Ah, be still my beating heart! If ever someone was to capture the gentle-giant ethos through music, this is it. The third album by husky baritone troubadour Grant Campbell offers a delicacy which manages to penetrate the most heavy hearted amongst us, and leave a mass of quivering wrecks in its wake.
When the opening track ‘Expecting Great Things’ picks you up and forces a sigh of comfort out of your welcoming lungs, you are carried along, completely enthralled with the gently plucked guitar strings, and never want to step off. There’s a warm familiarity with Campbell’s voice, which has rightly been compared to Bruce Springsteen at his most thoughtful, and a smile is raised as he recites, with every ounce of emotion, the painful lines of “I may have failed, but I have tried.”
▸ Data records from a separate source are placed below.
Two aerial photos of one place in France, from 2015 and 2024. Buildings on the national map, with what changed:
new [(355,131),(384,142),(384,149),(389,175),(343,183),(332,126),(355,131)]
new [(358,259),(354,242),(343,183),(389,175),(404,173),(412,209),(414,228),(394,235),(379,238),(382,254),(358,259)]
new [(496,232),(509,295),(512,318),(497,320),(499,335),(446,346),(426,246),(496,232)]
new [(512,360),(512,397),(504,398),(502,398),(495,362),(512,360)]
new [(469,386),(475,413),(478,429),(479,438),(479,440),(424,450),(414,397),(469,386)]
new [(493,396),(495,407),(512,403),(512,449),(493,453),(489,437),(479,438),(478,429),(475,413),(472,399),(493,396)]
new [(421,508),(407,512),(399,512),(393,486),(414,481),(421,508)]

The Glaswegian sticks to his formula throughout the record (plucking guitars, deep in thought vocals, hurt filled songs) and it produces superb results, allowing the songs to stand centre stage, raw and stripped bare, save the added twinkle or pluck of a glockenspiel. The production could warrant a Rick Rubin tag after his work with Johnny Cash and Neil Diamond, but once again this is one of Campbell’s self-produced wonders.
‘Holding Ground’ allows his voice to fully take over the song, and can only been seen performed in the corner of a folk-cum-blues bar in the darkest corner of the city as the gentle light casts a aggressive shadow against a martyr and a guitar, warming the room.
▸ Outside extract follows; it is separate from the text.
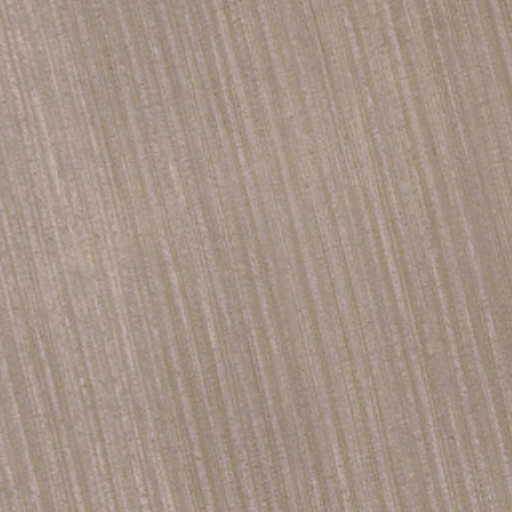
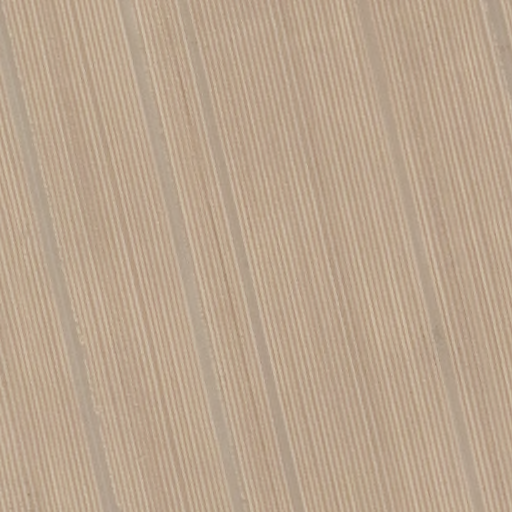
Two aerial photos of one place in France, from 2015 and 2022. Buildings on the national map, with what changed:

You can pick any song from this album, whether it be the slowly self-defeating morose of ‘Open For Change’, or the almost, dare I say it, upbeat (in tune at least as it depicts the end of a relationship) ‘Shooting Halos’, and you will feel completely moved, and get everything that you want music to give you.
Grant Campbell is an underground treasure, and it is vital that you grab this record and become almost at one with yourself again.